Busses

Hi everyone,

I have looked high and low for BASIC information about busses in Cubase A8. I find that every article or Youtube video plants you right in the cold water at the deep end of the pool. Everyone assumes you know all the terminology and are at least an intermediate user!!! Are there any links that explain how busses work from the word, “Go???”

As I understand the basics, there are two types of busses:

  • Hardware—this is the physical stereo outputs of the UR44 or whatever sound module you use


  • Virtual—these are assigned to each instrument inside Cubase in the VST Connections window under the Output tab

Beyond that, I have no idea what the heck they’re talking about. From what I’ve read, the big guys recommend assigning ALL instruments to their own bus, especially drums.
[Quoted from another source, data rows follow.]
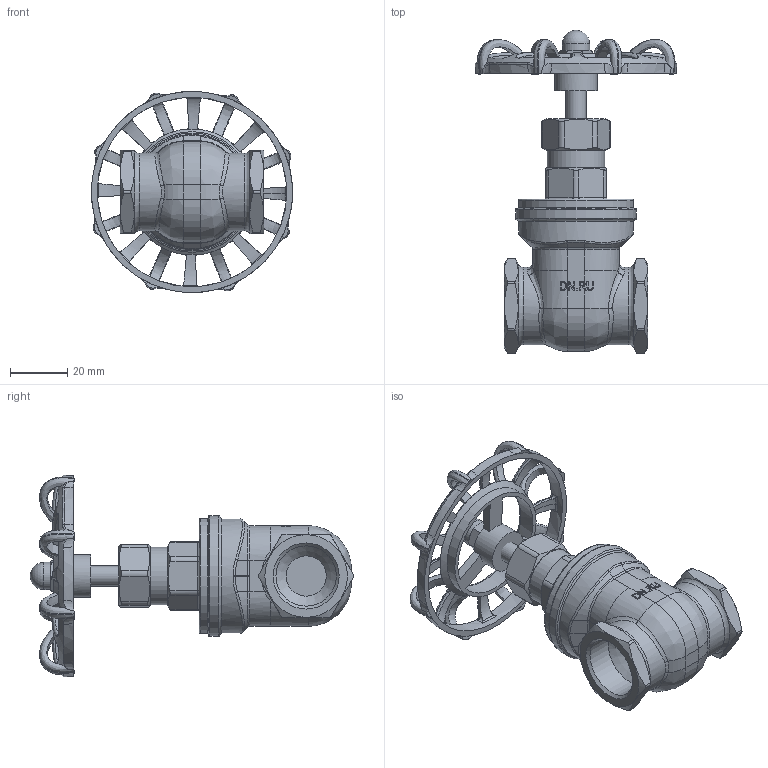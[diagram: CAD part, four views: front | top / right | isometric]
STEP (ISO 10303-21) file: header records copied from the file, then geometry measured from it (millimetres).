
FILE_DESCRIPTION(/* description */ (''),/* implementation_level */ '2;1');
FILE_NAME(/* name */ 'DN15_3D_STEP.stp',/* time_stamp */ '2024-12-02T00:21:35+03:00',/* author */ ('igorr'),/* organization */ (''),/* preprocessor_version */ 'ST-DEVELOPER v20',/* originating_system */ 'Autodesk Inventor 2025',/* authorisation */ '');
FILE_SCHEMA (('AUTOMOTIVE_DESIGN { 1 0 10303 214 3 1 1 }'));
Length unit declared in the file: millimetre
Products named in the file (4): Сборка; Деталь; Деталь1; CNS 4473 - M 6
Assembly tree (3 placements, depth 2):
  Сборка
    Деталь
    Деталь1
    CNS 4473 - M 6
Bounding box: 69.99 x 112.59 x 69.99 mm (x, y, z)
Volume: 74407 mm3; surface area: 26457 mm2
Topology: 3 solids, 3 shells, 509 faces, 1427 edges, 904 vertices
Faces by surface type: bspline 195, plane 146, cylinder 102, cone 46, torus 19, sphere 1
Full cylindrical faces by diameter (mm): 4.917 x1, 6 x1, 7 x1, 9.5 x1, 13.991 x1, 14 x2, 15 x1, 20 x1, 21 x2, 27 x2, 37 x1, 40 x3, 42 x1, 66 x1
Entity records: 25602 total; most frequent: CARTESIAN_POINT 13592, ORIENTED_EDGE 2850, DIRECTION 1723, EDGE_CURVE 1425, VERTEX_POINT 904, AXIS2_PLACEMENT_3D 687, B_SPLINE_CURVE_WITH_KNOTS 642, EDGE_LOOP 529
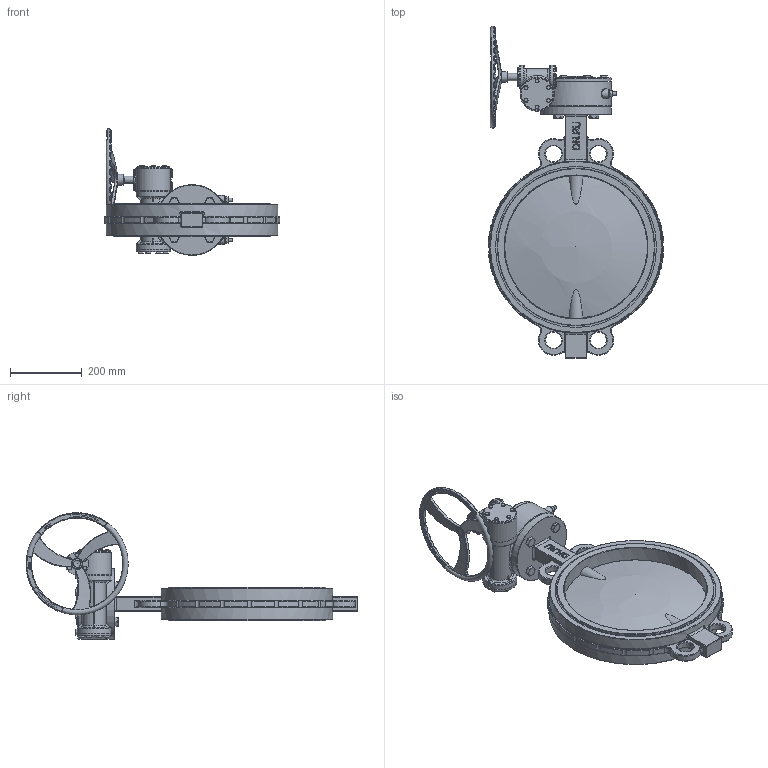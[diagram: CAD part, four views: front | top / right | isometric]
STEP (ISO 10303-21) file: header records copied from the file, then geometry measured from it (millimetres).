
FILE_DESCRIPTION(/* description */ (''),/* implementation_level */ '2;1');
FILE_NAME(/* name */ 'DN400_3D_STEP.stp',/* time_stamp */ '2025-09-24T13:33:37+03:00',/* author */ ('igorr'),/* organization */ (''),/* preprocessor_version */ 'ST-DEVELOPER v20',/* originating_system */ 'Autodesk Inventor 2025',/* authorisation */ '');
FILE_SCHEMA (('AUTOMOTIVE_DESIGN { 1 0 10303 214 3 1 1 }'));
Length unit declared in the file: millimetre
Products named in the file (11): Сборка1; Деталь1; двигатель; AS 1110 - M10 x 16; AS 1110 - M8 x 12; AS 1110 - M6 x 12; AS 1110 - M16 x 25; ANSI B18.2.4.2M - M10x1,5; AS 1427 - M4 x 6; Штурвал; BS EN ISO 4762 - M8 x 12
Assembly tree (46 placements, depth 2):
  Сборка1
    Деталь1
    двигатель
    AS 1110 - M10 x 16  x8
    AS 1110 - M6 x 12  x18
    AS 1110 - M8 x 12  x8
    AS 1110 - M16 x 25  x4
    ANSI B18.2.4.2M - M10x1,5  x2
    AS 1427 - M4 x 6  x2
    Штурвал
    BS EN ISO 4762 - M8 x 12
Bounding box: 489.99 x 926.98 x 353.49 mm (x, y, z)
Volume: 14700585.5 mm3; surface area: 1168521.9 mm2
Topology: 46 solids, 46 shells, 2231 faces, 5450 edges, 3420 vertices
Faces by surface type: plane 1064, cone 359, cylinder 337, bspline 324, torus 135, sphere 12
Full cylindrical faces by diameter (mm): 3.571 x2, 4 x2, 6 x18, 7 x24, 8 x15, 8.376 x2, 9 x16, 10 x29, 10.298 x2, 11 x8, 13 x9, 16 x12, 18 x4, 20 x2, 24 x4, 29.526 x2, 30 x2, 45 x4, 65 x4, 92.001 x1, 95 x4, 97.925 x1, 197 x2, 400 x2, 440 x2, 450 x2, 480 x2
Entity records: 64502 total; most frequent: CARTESIAN_POINT 31562, ORIENTED_EDGE 7106, DIRECTION 5454, EDGE_CURVE 3553, VERTEX_POINT 2319, AXIS2_PLACEMENT_3D 1985, EDGE_LOOP 1552, LINE 1484

When I recorded my last song, I used the MIDI drums from my Yamaha Genos. After recording, I separated all the MIDI instrument tracks to individual MIDI tracks and performed my edits. Then, I created the audio tracks from each MIDI track. At that point, I think I should have assigned each drum sound to its own bus. For example, if I had five different drum sounds (kick, ride, brushes etc.) I should have assigned them to five different busses.

Does this sound good for starters? What happens after that? Do you assign these busses to separate channels? I wish someone would pretend to explain this stuff to a Grade 1 kid :slight_smile:. Thanks…

You have a sound, you need to control it. Volume would be your minimum requirement - fader.
You may want to change that sound, delay, limiter, distortion etc. You’ll need to bus that, or a portion of it, to said effect
You may want to do add same effect to multiple sounds (drum kit) so bus them to a group and add.
Basically just routing in the case of artist( it can get more complicated with side chain) .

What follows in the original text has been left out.